Jesus could have shown up sooner...but he didn't.

Jesus could have kept Lazarus from dying...but he didn't.

But Jesus does talk with the two, grieving sisters who remain. First he speaks with Martha. Then he speaks with Mary. Jesus sees her weeping along with (others) who had come along with her also weeping, and he was deeply moved in spirit and troubled (John 11:33).

I have a note in the margin of my Bible that I had written some time ago about this verse. I don't know where I got it from or who I quoted. But this is what it says about Jesus' being "deeply moved in spirit and troubled":

"He groaned and was troubled in spirit."

Jesus groaned.

The creation groans. And Jesus groans.

I find great comfort in this picture; a picture of a Savior who understands what it is like to groan down here. I don't know why I find such comfort in it. I'm not sure how to verbalize it. But I'm thankful that Jesus doesn't simply step into the tomb and call Lazarus back to life (which he does later in the chapter).
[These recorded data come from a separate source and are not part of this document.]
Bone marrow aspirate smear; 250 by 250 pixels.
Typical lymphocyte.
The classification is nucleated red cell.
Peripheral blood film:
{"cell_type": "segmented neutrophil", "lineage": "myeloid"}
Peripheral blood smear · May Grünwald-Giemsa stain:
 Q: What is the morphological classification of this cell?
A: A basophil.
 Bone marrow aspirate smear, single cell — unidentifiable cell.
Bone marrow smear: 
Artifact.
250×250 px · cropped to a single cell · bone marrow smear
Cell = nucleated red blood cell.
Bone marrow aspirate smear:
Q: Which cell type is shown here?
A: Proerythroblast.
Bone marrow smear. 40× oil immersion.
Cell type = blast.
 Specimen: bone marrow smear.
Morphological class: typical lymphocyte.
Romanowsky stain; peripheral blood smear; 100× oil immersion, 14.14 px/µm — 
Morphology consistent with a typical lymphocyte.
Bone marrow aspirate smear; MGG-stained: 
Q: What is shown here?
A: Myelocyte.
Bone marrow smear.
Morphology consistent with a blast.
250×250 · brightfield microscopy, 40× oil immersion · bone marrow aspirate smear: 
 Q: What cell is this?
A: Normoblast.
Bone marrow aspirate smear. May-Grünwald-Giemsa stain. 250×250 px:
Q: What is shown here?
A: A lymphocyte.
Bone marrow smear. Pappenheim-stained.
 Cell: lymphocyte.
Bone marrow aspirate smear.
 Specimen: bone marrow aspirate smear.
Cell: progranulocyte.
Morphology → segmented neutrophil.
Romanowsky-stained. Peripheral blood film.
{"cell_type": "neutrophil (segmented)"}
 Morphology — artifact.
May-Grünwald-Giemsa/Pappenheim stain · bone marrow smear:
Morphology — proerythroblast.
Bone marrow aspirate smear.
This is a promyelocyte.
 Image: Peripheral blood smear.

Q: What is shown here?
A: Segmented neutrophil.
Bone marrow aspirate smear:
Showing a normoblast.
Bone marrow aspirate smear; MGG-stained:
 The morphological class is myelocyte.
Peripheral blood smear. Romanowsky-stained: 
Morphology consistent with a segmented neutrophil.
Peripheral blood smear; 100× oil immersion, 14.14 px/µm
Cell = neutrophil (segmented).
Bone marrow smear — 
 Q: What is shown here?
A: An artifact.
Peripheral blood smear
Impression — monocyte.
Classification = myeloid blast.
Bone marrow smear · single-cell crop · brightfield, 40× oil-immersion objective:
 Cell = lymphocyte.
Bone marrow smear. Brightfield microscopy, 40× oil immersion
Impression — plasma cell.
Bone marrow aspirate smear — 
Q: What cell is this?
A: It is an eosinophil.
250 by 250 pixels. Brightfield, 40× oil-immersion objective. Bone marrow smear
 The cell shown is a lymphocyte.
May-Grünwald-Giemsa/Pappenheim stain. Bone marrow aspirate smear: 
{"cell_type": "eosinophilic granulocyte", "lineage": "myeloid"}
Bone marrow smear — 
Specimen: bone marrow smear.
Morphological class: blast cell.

That would make him appear to be some type of caped, superhero who never bleeds, never weeps, never gets sick, never feels what we feel. That's not how Jesus is. He hurts. He weeps. He groans.

If you know what it is like to groan, if you are able to pinpoint places where the creation is groaning today, take heart.

You are not alone. Jesus has groaned with you. And through the Spirit, he still does (Romans 8:26).